[gmx-users] Error in domain decomposition

Justin Lemkul jalemkul at vt.edu
Tue Sep 25 18:32:37 CEST 2012



On 9/25/12 12:20 PM, Dipankar Roy wrote:
> Hi,
>
> I am a newbie in Gromacs and is trying to simulate a small organic
> molecule in water. I got the following error message during a position
> restrained md run.
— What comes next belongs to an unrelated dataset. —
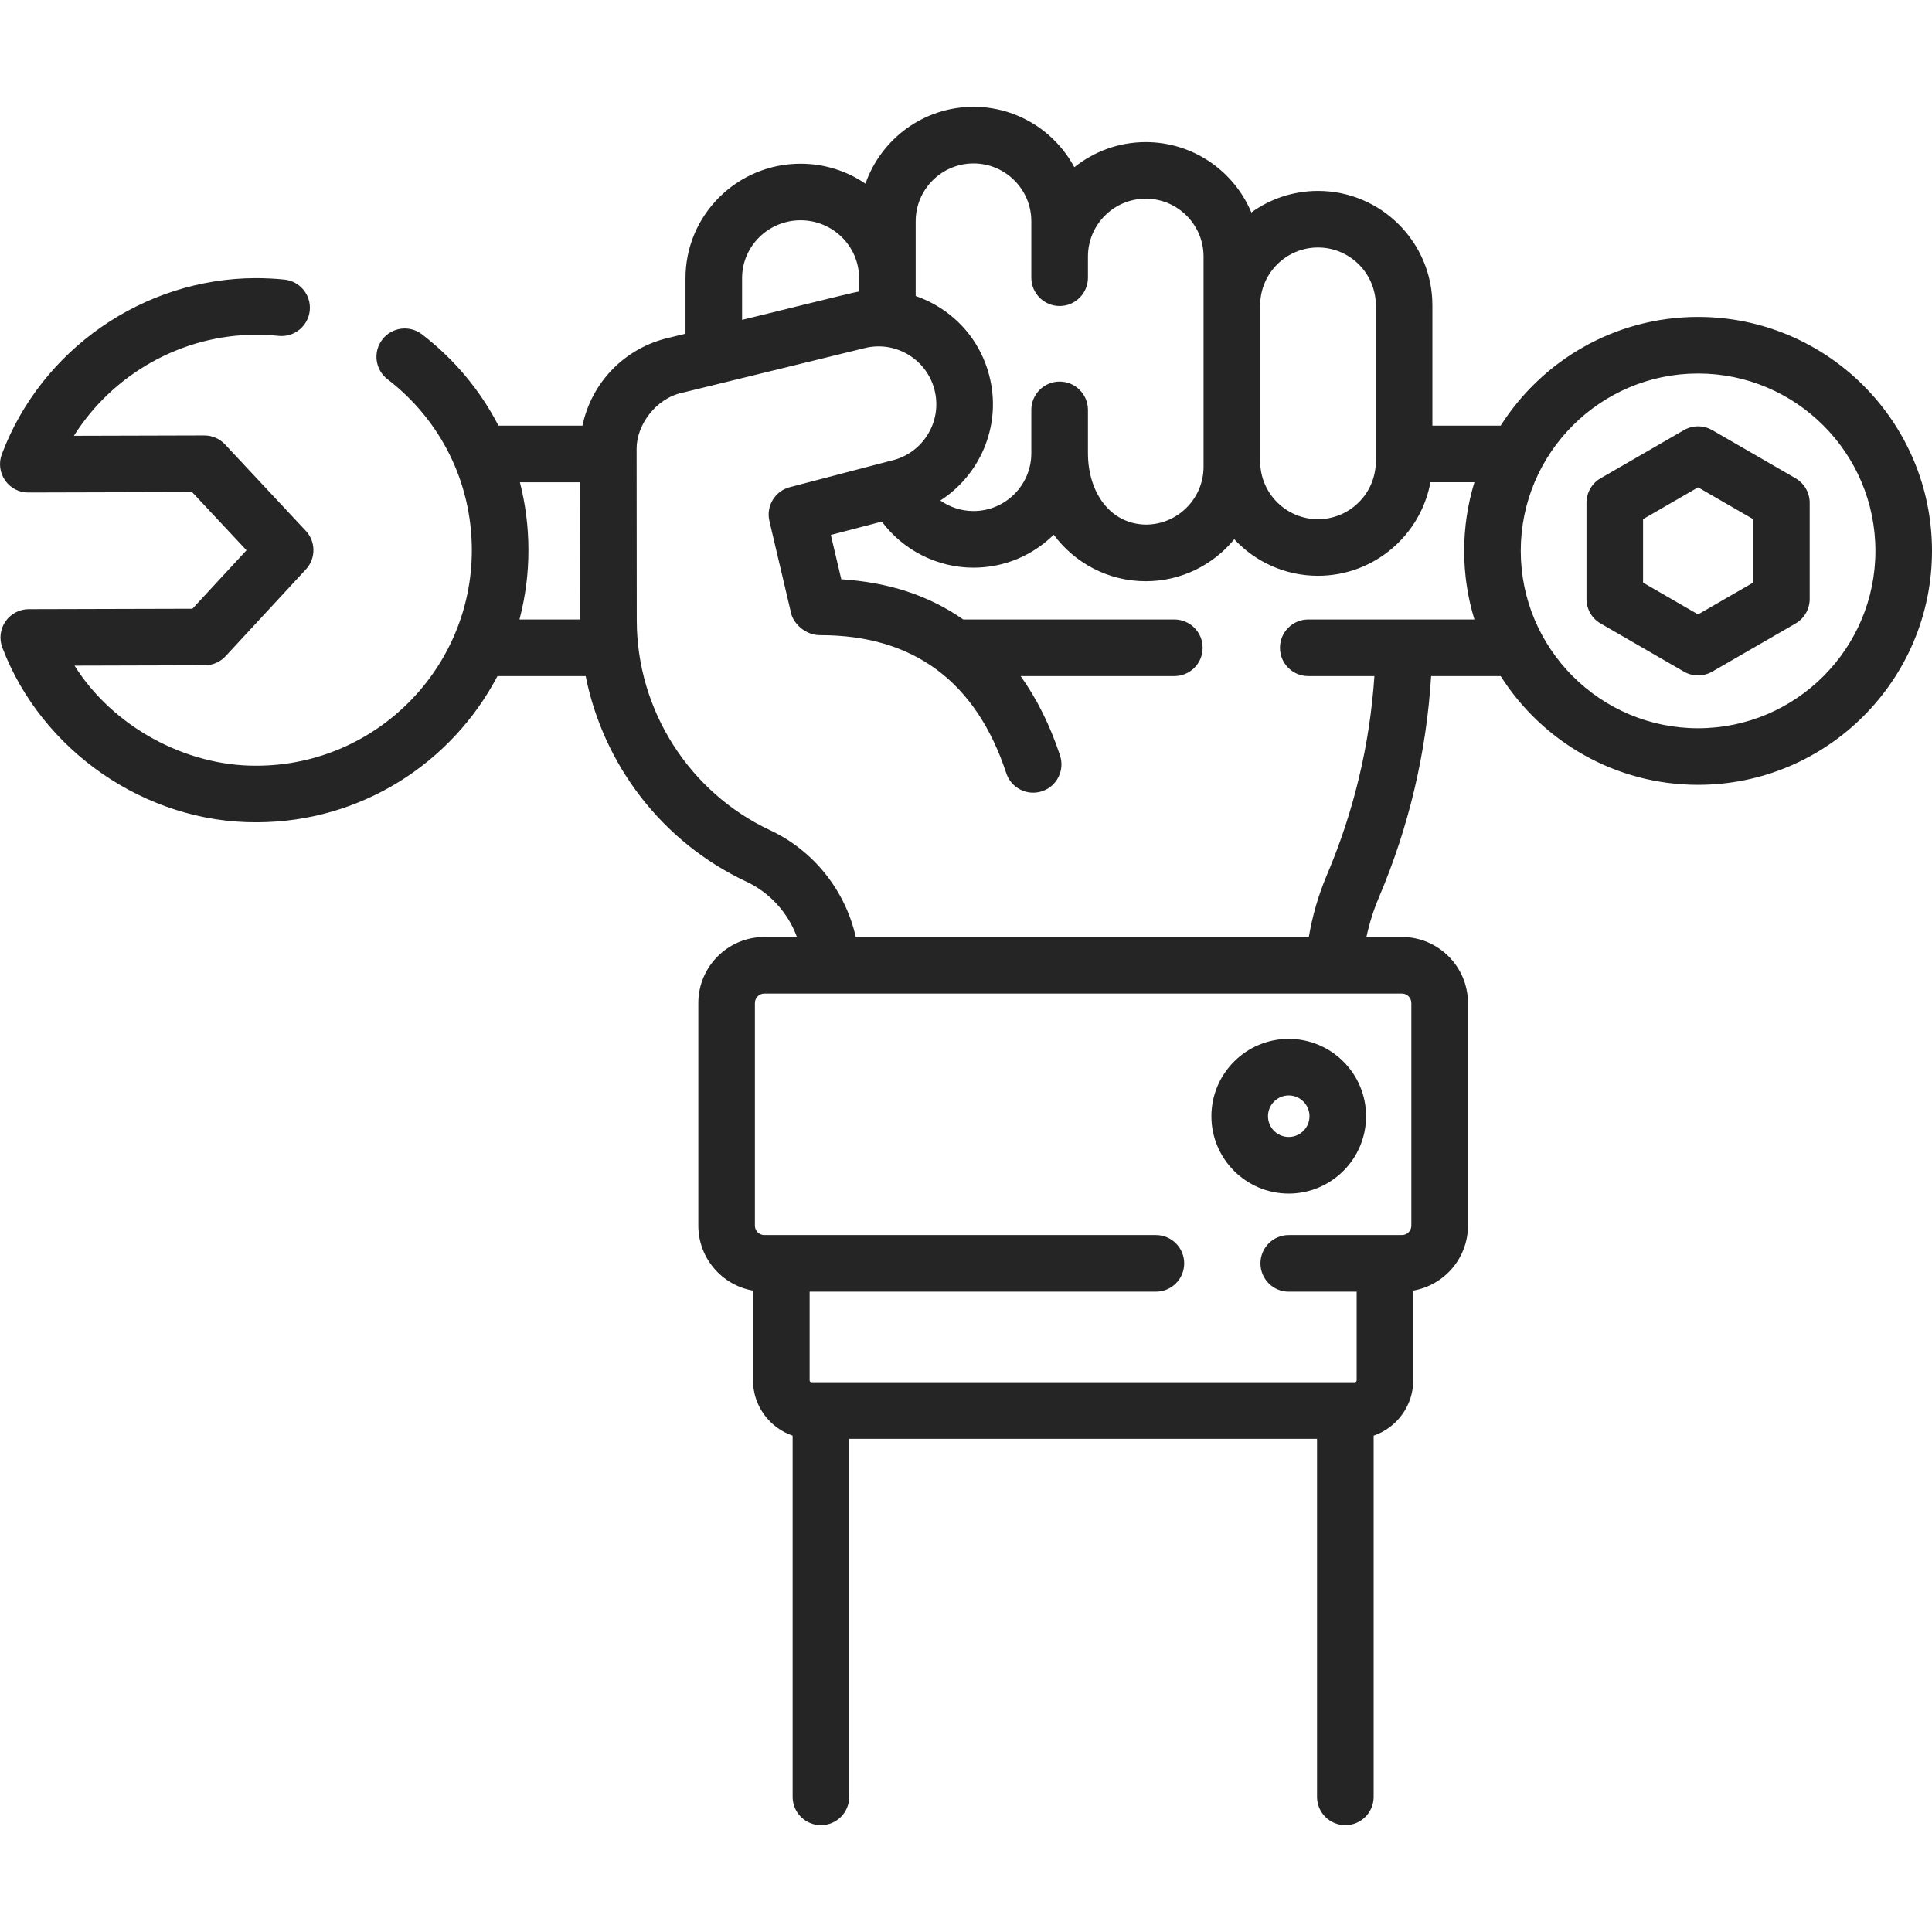 <svg xmlns="http://www.w3.org/2000/svg" width="49" height="49" viewBox="0 0 49 49" fill="none"><g clip-path="url(#clip0_21_42)"><path d="M43.067 8.038C40.964 8.038 39.113 9.14 38.06 10.796H36.329V7.744C36.329 6.144 35.028 4.842 33.428 4.842C32.797 4.842 32.213 5.045 31.737 5.388C31.298 4.341 30.263 3.604 29.059 3.604C28.374 3.604 27.745 3.843 27.248 4.241C26.758 3.33 25.795 2.709 24.691 2.709C23.424 2.709 22.346 3.525 21.95 4.658C21.482 4.339 20.915 4.152 20.305 4.152C18.695 4.152 17.386 5.454 17.386 7.054V8.464L16.988 8.561C15.855 8.811 15.002 9.694 14.773 10.796H12.642C12.183 9.905 11.528 9.114 10.703 8.48C10.388 8.238 9.938 8.297 9.696 8.612C9.455 8.926 9.514 9.377 9.828 9.618C11.182 10.659 11.962 12.234 11.967 13.94C11.975 16.953 9.53 19.412 6.518 19.42C4.713 19.436 2.862 18.432 1.89 16.882L5.196 16.873C5.395 16.873 5.586 16.789 5.721 16.643L7.759 14.44C8.014 14.164 8.013 13.737 7.756 13.463L5.707 11.271C5.571 11.126 5.381 11.044 5.182 11.044C5.175 11.044 1.91 11.052 1.874 11.053C2.859 9.491 4.602 8.495 6.488 8.49C6.68 8.49 6.877 8.499 7.068 8.519C7.462 8.559 7.815 8.272 7.856 7.878C7.896 7.484 7.609 7.131 7.215 7.091C6.974 7.066 6.729 7.055 6.484 7.054C3.638 7.062 1.051 8.857 0.046 11.52C-0.037 11.741 -0.006 11.988 0.128 12.182C0.262 12.376 0.48 12.494 0.72 12.491L4.872 12.48L6.252 13.956L4.88 15.439L0.728 15.45C0.492 15.45 0.271 15.567 0.138 15.762C0.004 15.956 -0.025 16.204 0.059 16.424C1.049 19.032 3.686 20.876 6.521 20.855C9.168 20.848 11.466 19.343 12.617 17.147H14.854C15.303 19.403 16.803 21.365 18.929 22.36C19.528 22.64 19.987 23.153 20.212 23.764H19.386C18.462 23.764 17.711 24.515 17.711 25.439V31.085C17.711 31.91 18.311 32.597 19.098 32.733V35.009C19.098 35.659 19.519 36.212 20.103 36.412V45.573C20.103 45.97 20.424 46.291 20.821 46.291C21.217 46.291 21.538 45.97 21.538 45.573V36.492H33.403V45.573C33.403 45.97 33.724 46.291 34.121 46.291C34.517 46.291 34.839 45.97 34.839 45.573V36.412C35.422 36.212 35.843 35.659 35.843 35.009V32.733C36.63 32.596 37.231 31.91 37.231 31.085V25.439C37.231 24.515 36.479 23.764 35.556 23.764H34.656C34.73 23.419 34.836 23.082 34.974 22.757C35.734 20.968 36.178 19.082 36.297 17.147H38.06C39.113 18.803 40.964 19.905 43.067 19.905C46.339 19.905 49 17.243 49 13.972C49 10.7 46.339 8.038 43.067 8.038ZM13.175 15.711C13.324 15.144 13.404 14.55 13.402 13.936C13.401 13.352 13.326 12.781 13.186 12.232H14.711L14.714 15.711H13.175ZM31.961 7.744C31.961 6.935 32.619 6.277 33.427 6.277C34.236 6.277 34.894 6.935 34.894 7.744V11.701C34.894 12.51 34.236 13.168 33.427 13.168C32.619 13.168 31.961 12.51 31.961 11.701V7.744ZM23.224 5.611C23.224 4.803 23.882 4.145 24.691 4.145C25.499 4.145 26.157 4.803 26.157 5.611V7.043C26.157 7.439 26.478 7.761 26.875 7.761C27.271 7.761 27.593 7.439 27.593 7.043V6.506C27.593 5.697 28.25 5.039 29.059 5.039C29.867 5.039 30.525 5.697 30.525 6.506V11.838C30.525 12.647 29.867 13.305 29.059 13.305C28.146 13.29 27.593 12.475 27.593 11.494V10.396C27.593 10 27.271 9.678 26.875 9.678C26.478 9.678 26.157 10 26.157 10.396V11.495C26.157 12.303 25.499 12.961 24.691 12.961C24.385 12.961 24.092 12.865 23.849 12.694C24.838 12.058 25.381 10.853 25.117 9.638C24.953 8.88 24.504 8.232 23.852 7.812C23.653 7.684 23.442 7.582 23.224 7.507L23.224 5.611ZM18.821 7.054C18.821 6.245 19.487 5.587 20.305 5.587C21.123 5.587 21.788 6.245 21.788 7.054V7.393C21.674 7.403 18.98 8.079 18.821 8.112L18.821 7.054ZM35.556 25.199C35.688 25.199 35.795 25.307 35.795 25.439V31.085C35.795 31.217 35.688 31.324 35.556 31.324H32.685C32.289 31.324 31.968 31.646 31.968 32.042C31.968 32.439 32.289 32.76 32.685 32.76H34.408V35.009C34.408 35.035 34.386 35.057 34.36 35.057H20.581C20.555 35.057 20.534 35.035 20.534 35.009V32.76H29.316C29.712 32.76 30.034 32.439 30.034 32.042C30.034 31.646 29.712 31.324 29.316 31.324H19.386C19.254 31.324 19.146 31.217 19.146 31.085V25.439C19.146 25.307 19.254 25.199 19.386 25.199H35.556ZM33.18 15.711C32.784 15.711 32.463 16.033 32.463 16.429C32.463 16.826 32.784 17.147 33.18 17.147H34.858C34.741 18.888 34.337 20.584 33.652 22.195C33.438 22.699 33.286 23.225 33.195 23.764H21.704C21.44 22.589 20.638 21.575 19.537 21.059C17.481 20.098 16.152 18.01 16.15 15.74L16.146 11.386C16.14 10.79 16.627 10.098 17.321 9.957L21.979 8.817C22.359 8.737 22.748 8.809 23.075 9.019C23.404 9.231 23.631 9.559 23.714 9.942C23.886 10.732 23.382 11.515 22.592 11.686C22.566 11.691 20.076 12.345 20.031 12.356C19.654 12.454 19.425 12.835 19.514 13.214L20.065 15.556C20.117 15.794 20.413 16.116 20.809 16.109C23.17 16.109 24.756 17.287 25.522 19.611C25.646 19.987 26.052 20.192 26.428 20.068C26.805 19.944 27.009 19.538 26.885 19.161C26.633 18.397 26.298 17.724 25.886 17.147H29.784C30.181 17.147 30.502 16.826 30.502 16.429C30.502 16.033 30.181 15.711 29.784 15.711H24.43C23.549 15.097 22.54 14.771 21.337 14.691L21.072 13.567L22.365 13.229C22.909 13.956 23.771 14.397 24.691 14.397C25.483 14.397 26.201 14.078 26.725 13.561C27.255 14.276 28.103 14.741 29.059 14.741C29.963 14.741 30.771 14.325 31.304 13.676C31.834 14.246 32.59 14.603 33.428 14.603C34.846 14.603 36.03 13.579 36.28 12.231H37.395C37.226 12.782 37.135 13.366 37.135 13.971C37.135 14.576 37.226 15.161 37.395 15.711L33.18 15.711ZM43.067 18.47C40.588 18.47 38.57 16.452 38.57 13.971C38.57 11.491 40.588 9.473 43.067 9.473C45.547 9.473 47.565 11.491 47.565 13.971C47.565 16.452 45.547 18.47 43.067 18.47Z" fill="#252525"></path><path d="M45.539 12.13L43.426 10.909C43.204 10.781 42.931 10.781 42.708 10.909L40.595 12.13C40.373 12.258 40.237 12.495 40.237 12.751V15.192C40.237 15.448 40.373 15.685 40.595 15.813L42.708 17.034C42.819 17.098 42.943 17.13 43.067 17.13C43.191 17.13 43.315 17.098 43.426 17.034L45.539 15.813C45.761 15.685 45.898 15.448 45.898 15.192V12.751C45.898 12.495 45.761 12.258 45.539 12.13ZM44.463 14.777L43.067 15.583L41.672 14.777V13.166L43.067 12.36L44.463 13.166V14.777Z" fill="#252525"></path><path d="M32.685 30.272C33.767 30.272 34.647 29.392 34.647 28.31C34.647 27.228 33.767 26.348 32.685 26.348C31.604 26.348 30.724 27.228 30.724 28.31C30.724 29.392 31.604 30.272 32.685 30.272ZM32.685 27.783C32.976 27.783 33.212 28.02 33.212 28.31C33.212 28.6 32.976 28.836 32.685 28.836C32.395 28.836 32.159 28.6 32.159 28.31C32.159 28.02 32.395 27.783 32.685 27.783Z" fill="#252525"></path></g><defs><clipPath id="clip0_21_42"><rect width="49" height="49" fill="white"></rect></clipPath></defs></svg>

I tried changing number of nodes but without success.
>
>
> Any help on this is appreciated.
>
>
>
>
>
> Initializing Domain Decomposition on 16 nodes
>
> Dynamic load balancing: auto
>
> Will sort the charge groups at every domain (re)decomposition
>
> Initial maximum inter charge-group distances:
>
>      two-body bonded interactions: 0.400 nm, LJ-14, atoms 10 14
>
>    multi-body bonded interactions: 0.400 nm, Ryckaert-Bell., atoms 10 14
>
> Minimum cell size due to bonded interactions: 0.440 nm
>
> Maximum distance for 5 constraints, at 120 deg. angles, all-trans: 0.761
> nm
>
> Estimated maximum distance required for P-LINCS: 0.761 nm
>
> This distance will limit the DD cell size, you can override this with
> -rcon
>
> Guess for relative PME load: 0.21
>
> Will use 12 particle-particle and 4 PME only nodes
>
> This is a guess, check the performance at the end of the log file
>
> Using 4 separate PME nodes
>
> Scaling the initial minimum size with 1/0.8 (option -dds) = 1.25
>
> Optimizing the DD grid for 12 cells with a minimum initial size of 0.951
> nm
>
> The maximum allowed number of cells is: X 2 Y 2 Z 2
>
>
>
> -------------------------------------------------------
>
> Program mdrun_mpi_d, VERSION 4.5.5
>
> Source code file: domdec.c, line: 6436
>
>
>
> Fatal error:
>
> There is no domain decomposition for 12 nodes that is compatible with
> the given box and a minimum cell size of 0.95125 nm
>
> Change the number of nodes or mdrun option -rcon or -dds or your LINCS
> settings
>
> Look in the log file for details on the domain decomposition
>
> For more information and tips for troubleshooting, please check the
> GROMACS
>
> website at http://www.gromacs.org/Documentation/Errors
>
> -------------------------------------------------------
>

Did you follow the link and read the following information?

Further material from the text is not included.